(COLLECTED DATA):
--- START ---

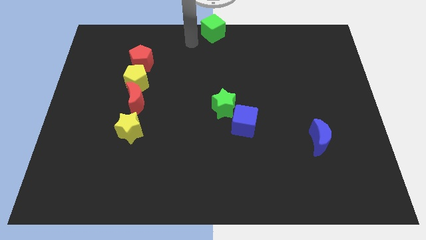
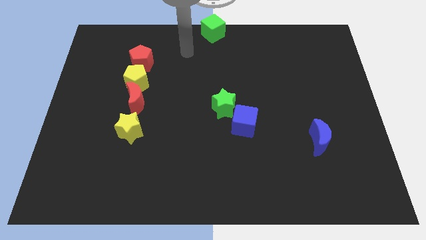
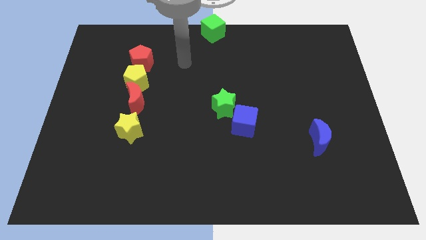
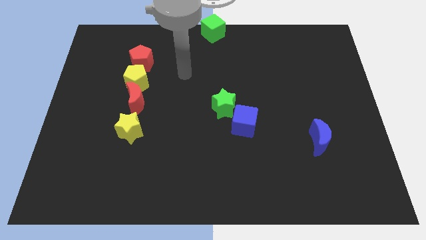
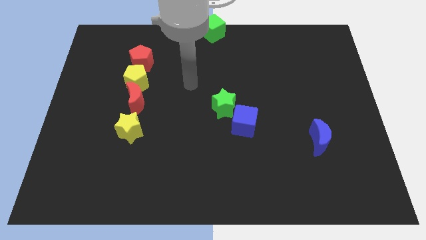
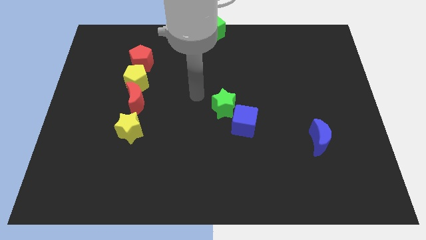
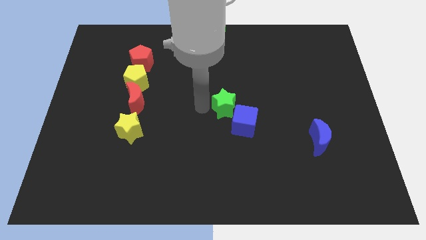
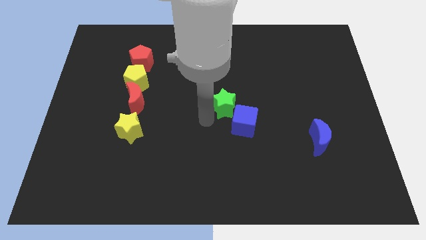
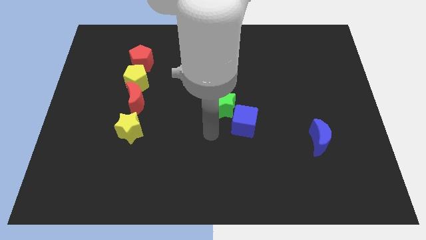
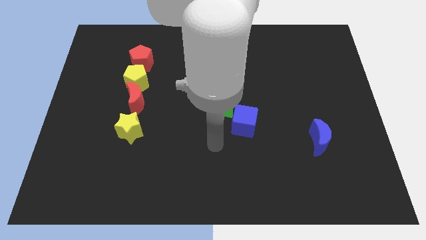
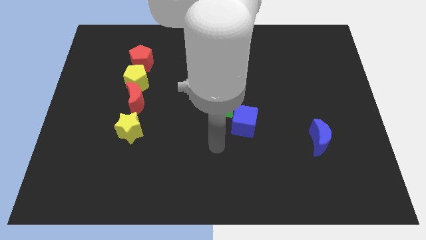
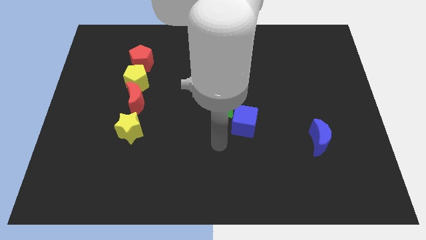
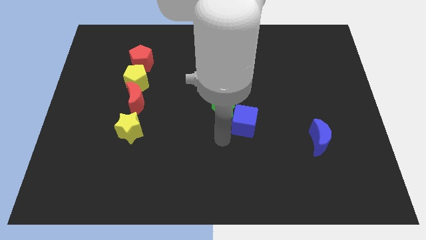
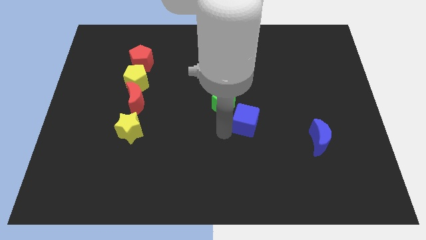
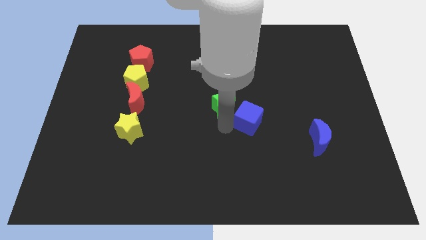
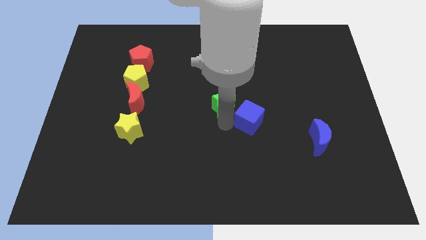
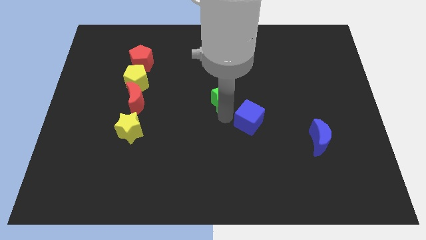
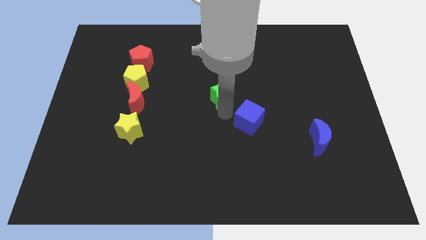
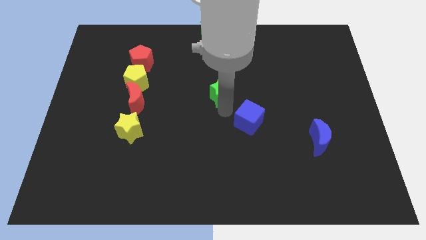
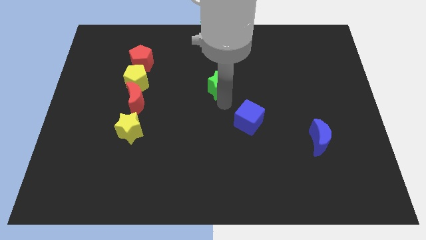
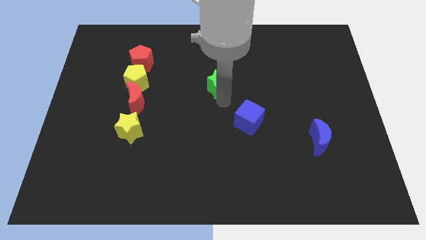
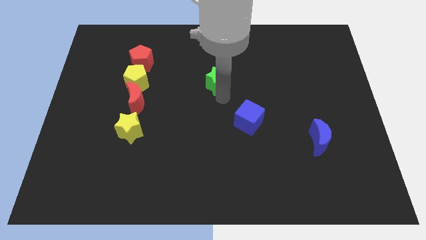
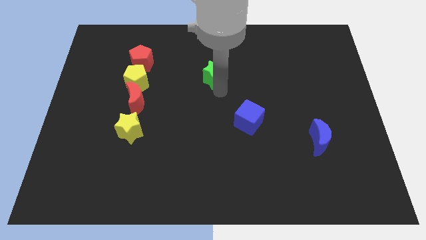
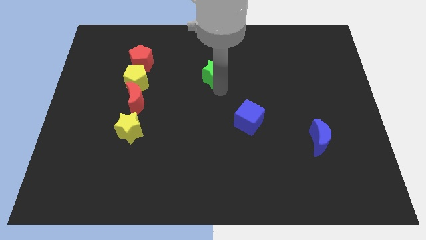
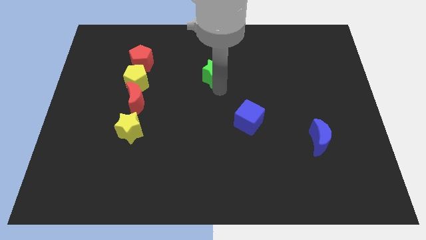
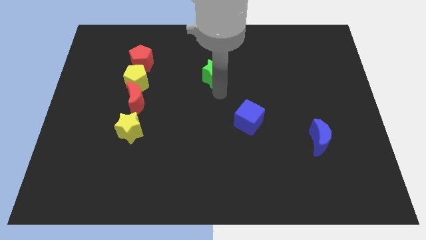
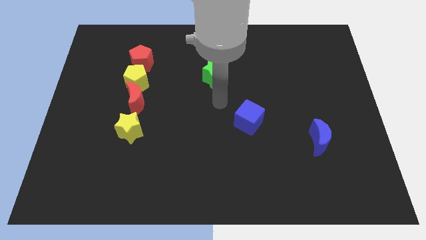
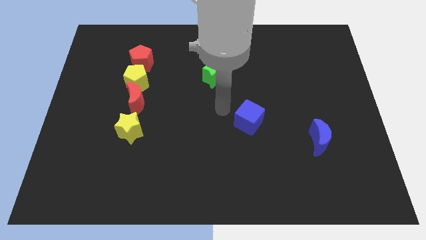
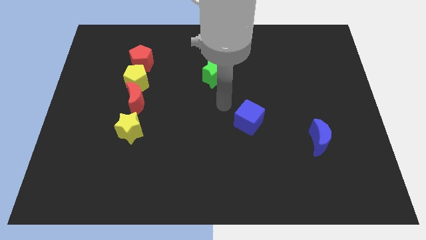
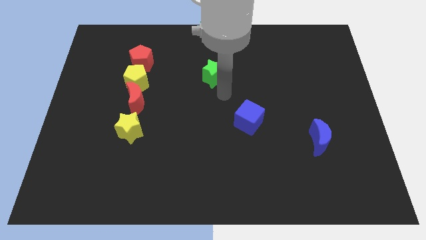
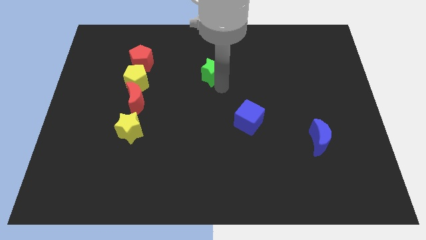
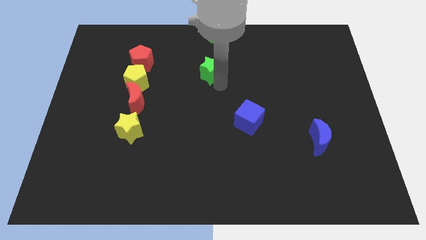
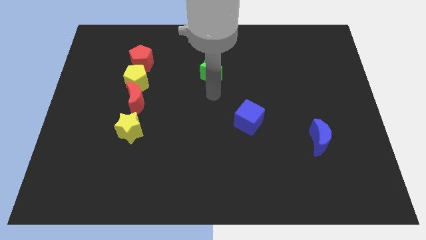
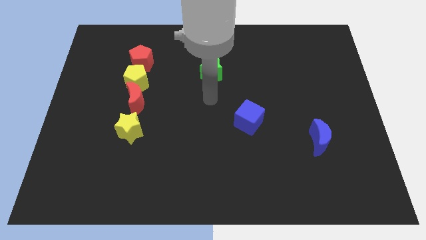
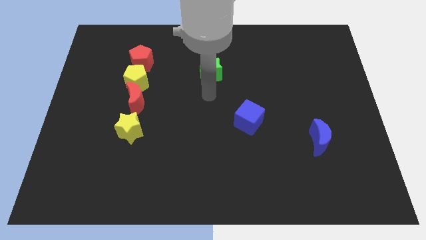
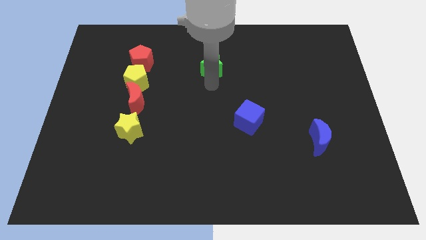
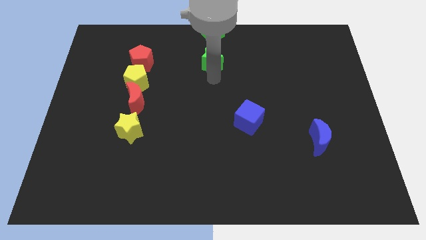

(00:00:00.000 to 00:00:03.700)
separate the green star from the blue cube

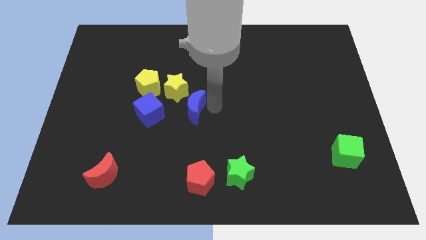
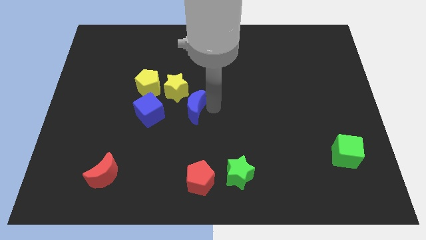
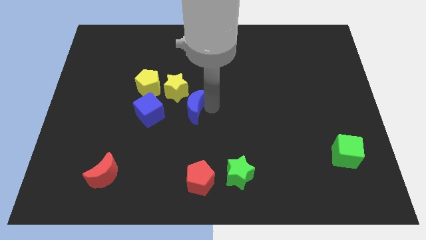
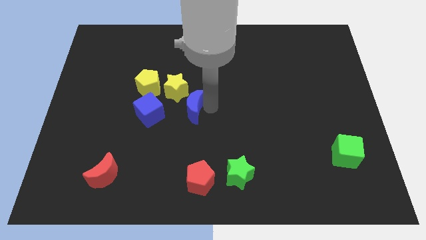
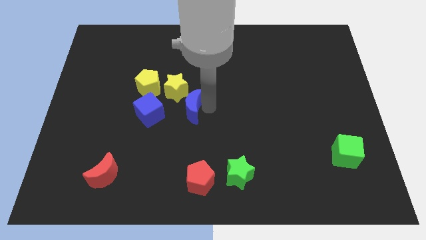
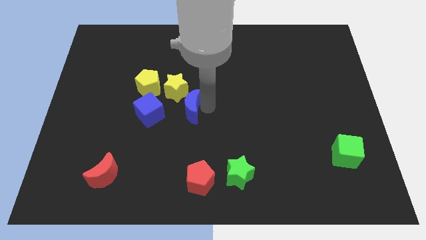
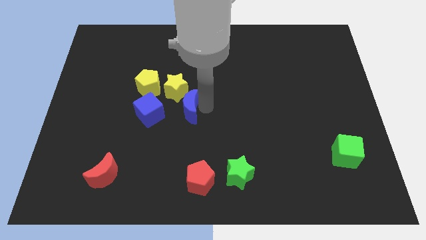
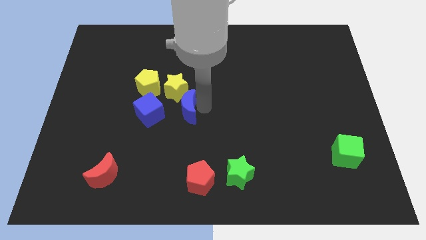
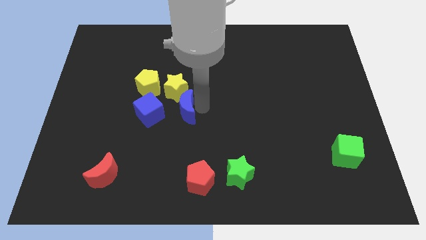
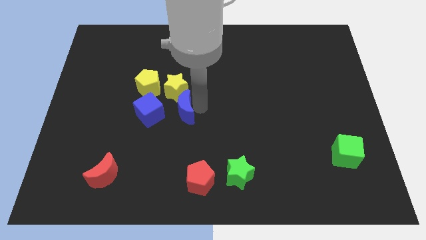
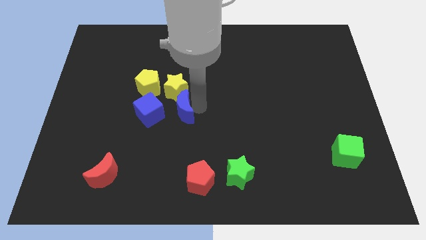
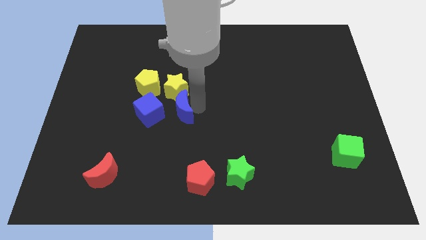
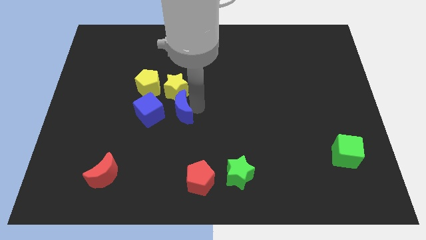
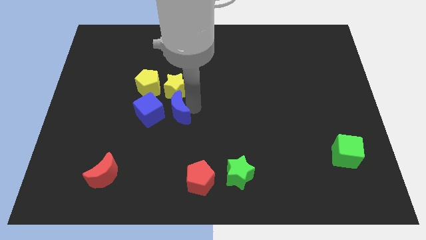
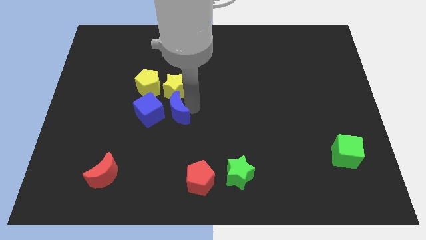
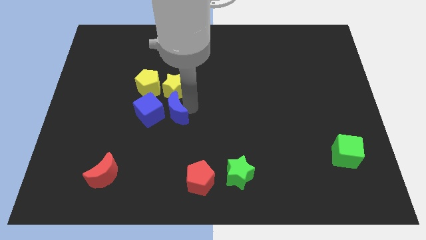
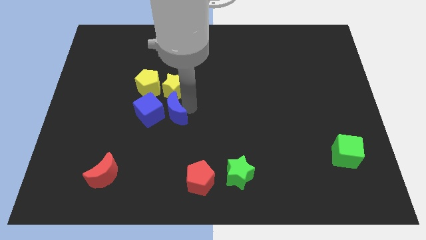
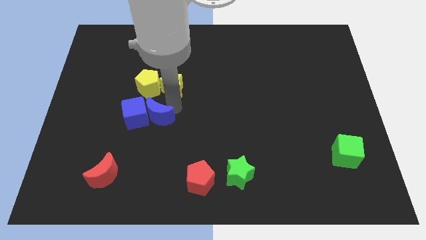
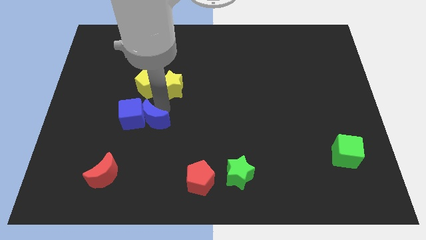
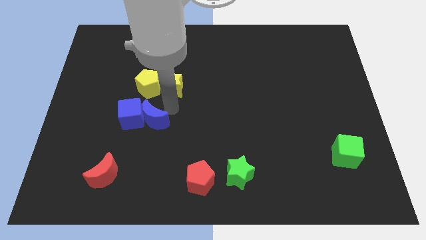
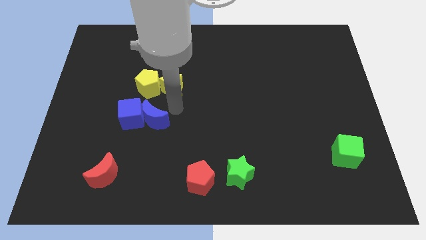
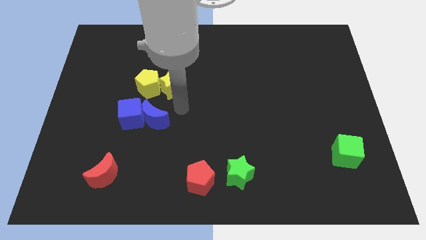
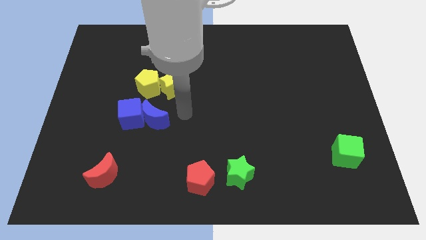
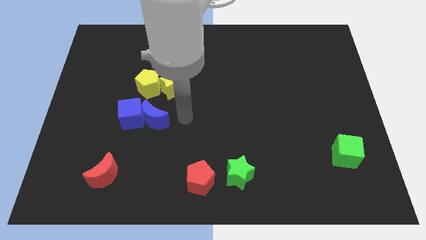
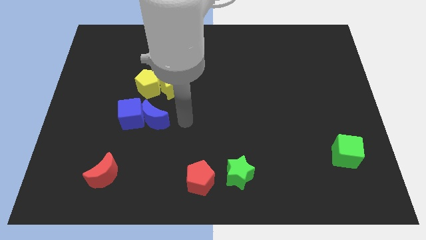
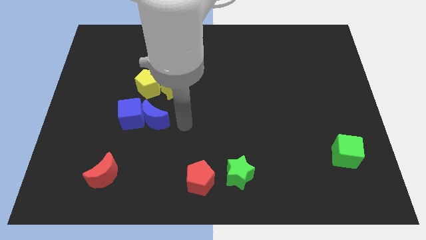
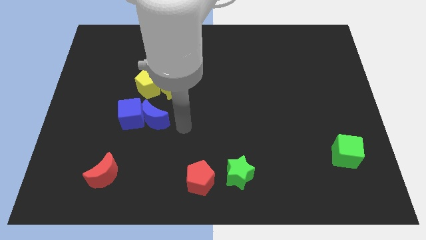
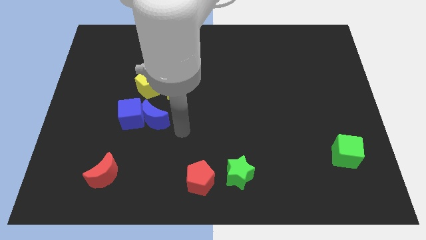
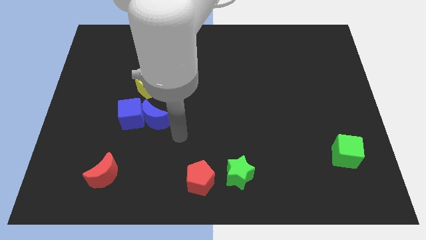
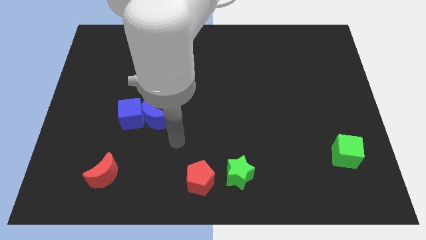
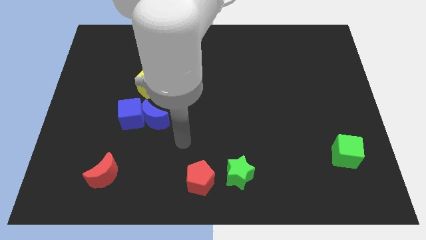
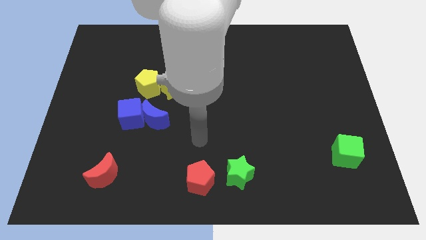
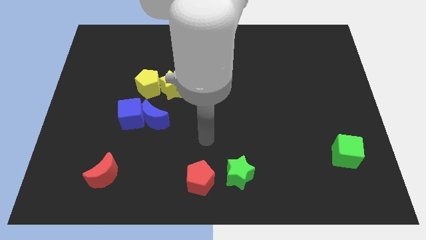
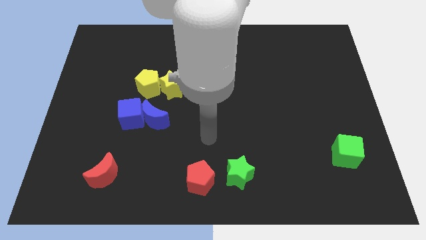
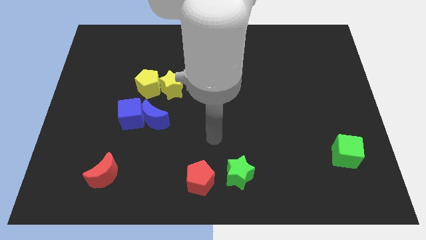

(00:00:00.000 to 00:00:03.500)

--- END ---

(WORK TO BE COMPLETED):
Leave the images out and transcribe the remaining data above word for word.

(TASK OUTPUT):
(00:00:00.000 to 00:00:03.700)
separate the green star from the blue cube


(00:00:00.000 to 00:00:03.500)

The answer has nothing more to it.